German government spokesman Steffen Seibert said that this was a "religious exaggeration" that "doesn't justify in any way the breach of international law that Russia has committed through the annexation of the Crimea".

For the German government, the Crimea had been seen as a homeland by different peoples with different religions for centuries.

Seibert added that German policy was not directed against Russia, but rather aimed to clearly identify the annexation as a breach of international law and to collaborate in bringing about a diplomatic solution.

Remember 1945

In a speech which Seibert described as having a "transparent domestic political motive", Putin further recalled the last time when Western Europe and Russia had come to open war.

"People should remember how it ended" when Hitler broke the Nazi-Soviet pact to invade the USSR in 1941, he said.

Putin uncharacteristically opened his speech by addressing the foreign policy crisis head-on, thanking his people for their "steadfastness" in the face of the economic sacrifices being asked of them during the Ukraine crisis.

'Europeanize' the military?

Putin's speech came on the same day as the Social Democratic Party (SPD) called for a "United European Army" in a strategy document.

SPD defence spokesman Rainer Arnold wrote that a permanent EU military headquarters ensuring a "constant deployment readiness" of combined European forces should be set up.

Referring to the pressure on military budgets in all European countries, Arnold said that there was "no alternative" to a division of military capabilities among member states.

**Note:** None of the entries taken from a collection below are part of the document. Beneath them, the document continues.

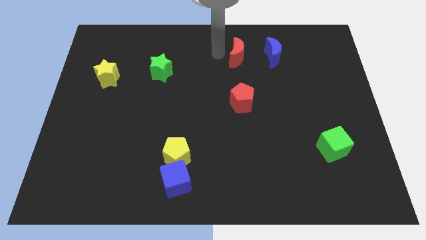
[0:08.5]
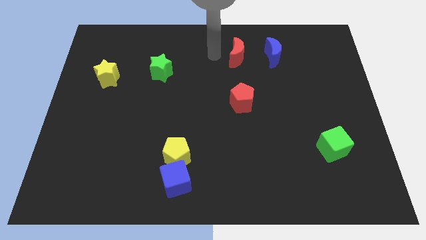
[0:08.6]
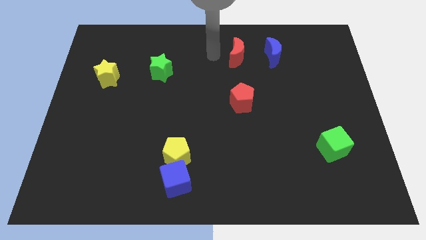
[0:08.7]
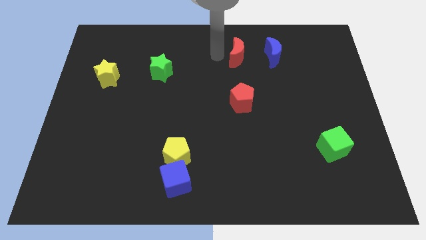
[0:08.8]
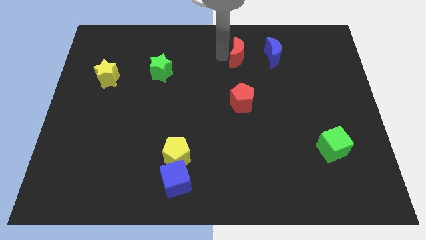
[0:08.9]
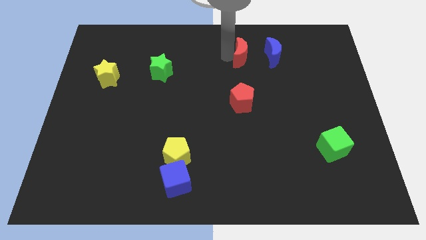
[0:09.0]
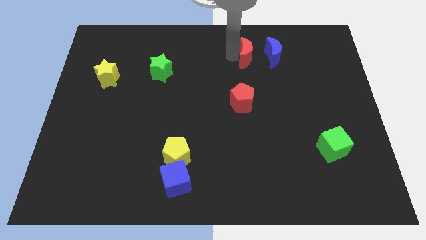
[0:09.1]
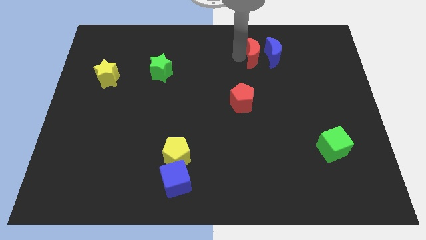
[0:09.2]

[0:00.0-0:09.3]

It was particularly pointless for different EU nations to maintain nationally isolated arms industries, with 20 different armoured vehicles in production and six different types of submarines, Arnold added.

Critics note that France, which has emphasised military self-sufficiency since President de Gaulle, would be reluctant to join such a plan, and that collaborative projects such as the Eurofighter have come in hugely overdue and over budget in the past.